#89 - Roman numerals

For a number written in Roman numerals to be considered valid there are basic rules which must be followed. Even though the rules allow some numbers to be expressed in more than one way there is always a “best” way of writing a particular number.

For example, it would appear that there are at least six ways of writing the number sixteen:

IIIIIIIIIIIIIIII
VIIIIIIIIIII
VVIIIIII
XIIIIII
VVVI
XVI

However, according to the rules only XIIIIII and XVI are valid, and the last example is considered to be the most efficient, as it uses the least number of numerals.

The 11K text file, roman.txt (right click and ‘Save Link/Target As…’), contains one thousand numbers written in valid, but not necessarily minimal, Roman numerals; see About… Roman Numerals for the definitive rules for this problem.

Find the number of characters saved by writing each of these in their minimal form.

Note: You can assume that all the Roman numerals in the file contain no more than four consecutive identical units.


Barring some special edge cases (please see the link) the rule for creating Roman numerals boils down to: From left to right, the numeral must NOT increase, UNLESS it is following the rule of subtraction.

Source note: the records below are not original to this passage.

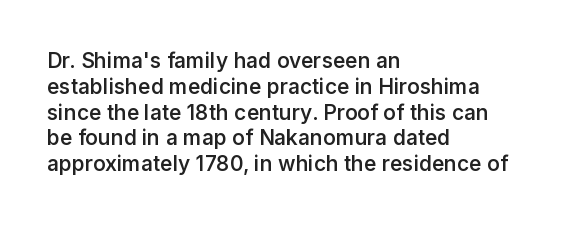
Q: Is the text bold? A: Semi-bold.
Q: Is the text italic (slanted)? A: No, it is upright.
Q: Is the text underlined? A: No.
Q: How is the paragraph aligned? A: Left-aligned.
Q: Is the spacing between letters normal or unusually wide? A: Normal.
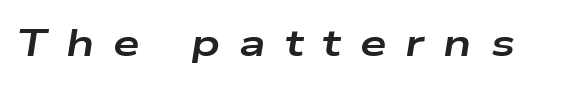
Q: Is the text bold? A: Yes.
Q: Is the text italic (slanted)? A: Yes, it leans right by about 9 degrees.
Q: Is the text underlined? A: No.
Q: Is the spacing between letters normal or unusually wide? A: Unusually wide.
Q: Width (condensed, normal, or wide)? A: Wide.
Q: Stroke contrast? A: Low.
Q: x-height? A: Medium.
Q: Monospaced? A: No.
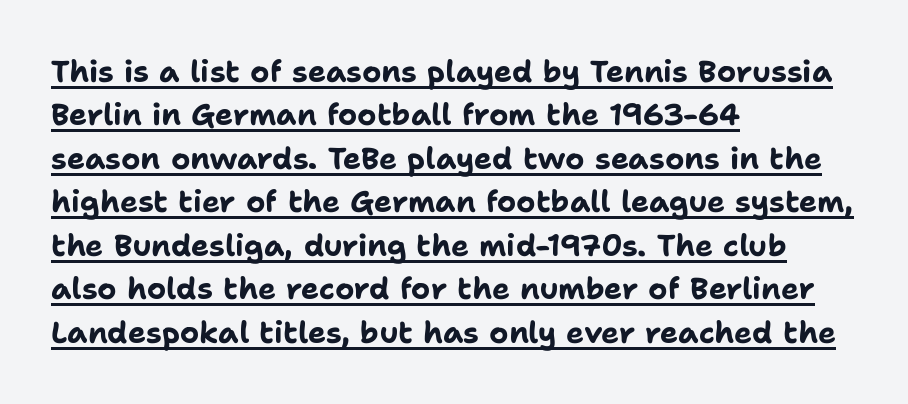
The image shows 30 px bold sans-serif type, upright; set left-aligned, normal line spacing (1.45x), normal letter spacing, underlined; low stroke contrast and a medium x-height.
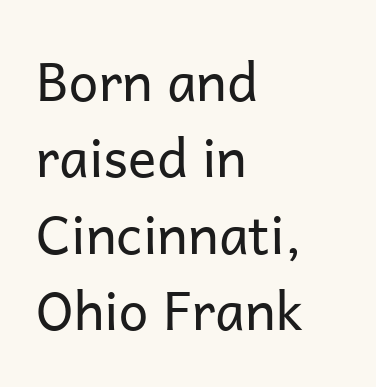
Q: Is the text bold? A: No.
Q: Is the text italic (slanted)? A: No, it is upright.
Q: Is the typeface a serif or a sans-serif typeface? A: Sans-serif.
Q: Is the text underlined? A: No.
Q: How is the paragraph aligned? A: Left-aligned.
Q: Is the spacing between letters normal or unusually wide? A: Normal.
Q: Is the spacing between lines tight, normal or loose? A: Normal.
Q: Width (condensed, normal, or wide)? A: Normal.
Q: Stroke contrast? A: Low.
Q: x-height? A: Medium.
Q: Monospaced? A: No.
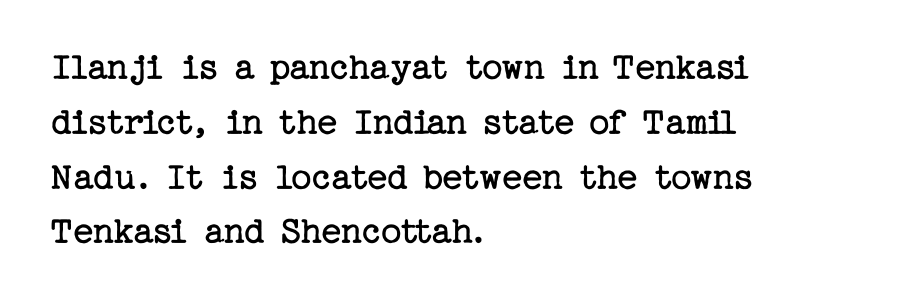
A light-to-regular cut is what we see here. Caption: standard tracking, unaltered. The gap between lines stays unmarked. Successive baselines arrive at the customary interval.
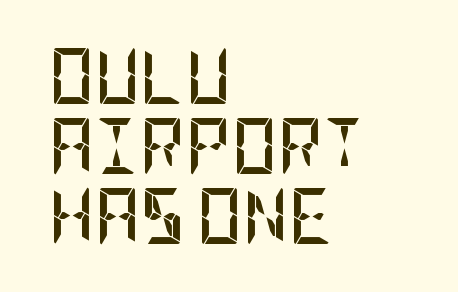
Q: Is the text bold? A: Yes.
Q: Is the text italic (slanted)? A: No, it is upright.
Q: Is the typeface a serif or a sans-serif typeface? A: Sans-serif.
Q: Is the text underlined? A: No.
Q: How is the paragraph aligned? A: Left-aligned.
Q: Is the spacing between letters normal or unusually wide? A: Normal.
Q: Is the spacing between lines tight, normal or loose? A: Normal.
Q: Width (condensed, normal, or wide)? A: Condensed.
Q: Stroke contrast? A: Low.
Q: x-height? A: Large.
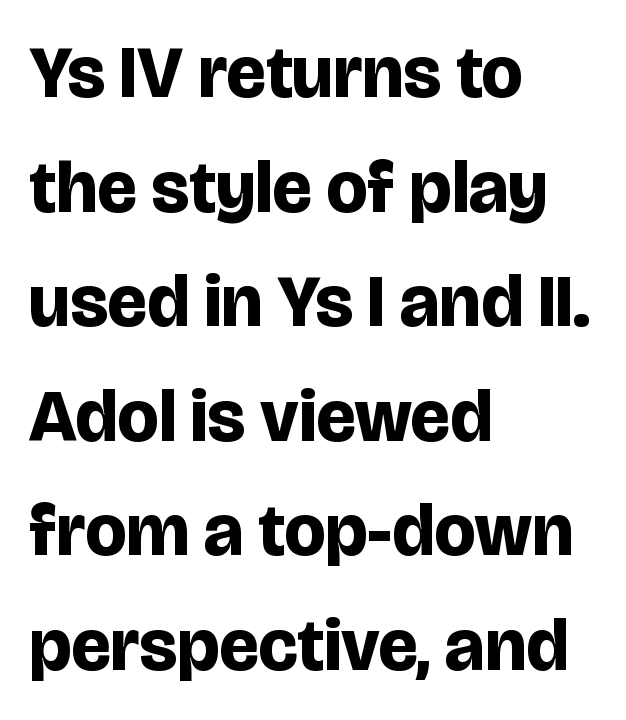
{"serif": "no", "italic": "no", "bold": "yes", "weight": "bold", "width": "normal", "stroke_contrast": "low", "x_height": "large", "monospaced": "no", "underline": "no", "align": "left", "line_spacing": "normal", "line_spacing_ratio": 1.57, "letter_spacing": "normal", "letter_spacing_em": 0.0, "glyph_px": 73}
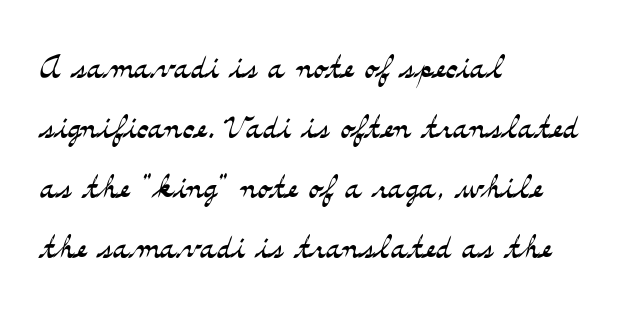
{"serif": "yes", "bold": "no", "weight": "light", "width": "wide", "stroke_contrast": "medium", "x_height": "small", "monospaced": "no", "underline": "no", "align": "left", "line_spacing": "normal", "line_spacing_ratio": 1.36, "letter_spacing": "normal", "letter_spacing_em": 0.0, "glyph_px": 44}

We need functions that convert back and forth. Converting roman numerals to numbers is straightforward; just look at each pair of numerals and add them to a running total (accounting for subtraction rules when necessary). Going the other direction is a bit more tricky. Looking at the rules, we can deduce that there are really 13 possible denominations:

  • 1000 - M
  • 900 - CM
  • 500 - D
  • 400 - CD
  • 100 - C
  • 90 - XC
  • 50 - L
  • 40 - XL
  • 10 - X
  • 9 - IX
  • 5 - V
  • 4 - IV
  • 1 - I

We need to continuously check what the biggest denomination less than the given number is. We then subtract off that value, and keep repeating until the number is 0.

# file: "problem089.py"
def romanToNum(romanStr):
    romanVal = {'M':1000, 'D':500, 'C':100,
                'L':50, 'X':10, 'V':5, 'I':1}
    value = 0
    i = 0
    while i < len(romanStr):
        r = romanStr[i]
        if i < len(romanStr) - 1 and romanVal[r] < romanVal[romanStr[i+1]]:
            value += romanVal[romanStr[i+1]] - romanVal[r]
            i += 2
        else:
            value += romanVal[r]
            i += 1
    return value
def numToRoman(n):
    roman = ''
    # The values that can be encoded are
    # 1000, 900, 500, 400, 100, 90, 50, 40,
    # 10, 9, 5, 4, and 1 with one or two numerals
    # So count down
    values = [1000, 900, 500, 400,
              100, 90, 50, 40, 10,
              9, 5, 4, 1]
    codings = ['M', 'CM', 'D', 'CD',
               'C', 'XC', 'L', 'XL',
               'X', 'IX', 'V', 'IV', 'I']
    mappings = {value: code for value, code in zip(values, codings)}
    while n > 0:
        # Find the greatest denomination that
        # is less than n...
        i = 0
        while values[i] > n:
            i += 1
        val = values[i]
        # Get the mapping, and subtract it off...
        roman += mappings[val]
        n -= val
    return roman

lettersSaved = 0
with open('p089_roman.txt') as f:
    romans = f.read().splitlines()
for roman in romans:
    lettersSaved += len(roman) - len(numToRoman(romanToNum(roman)))

print(lettersSaved)

Running this code gets us an output of,

743
0.022997900000000016 seconds.

Thus, we save 743 letters if we write each roman numeral in its minimal form.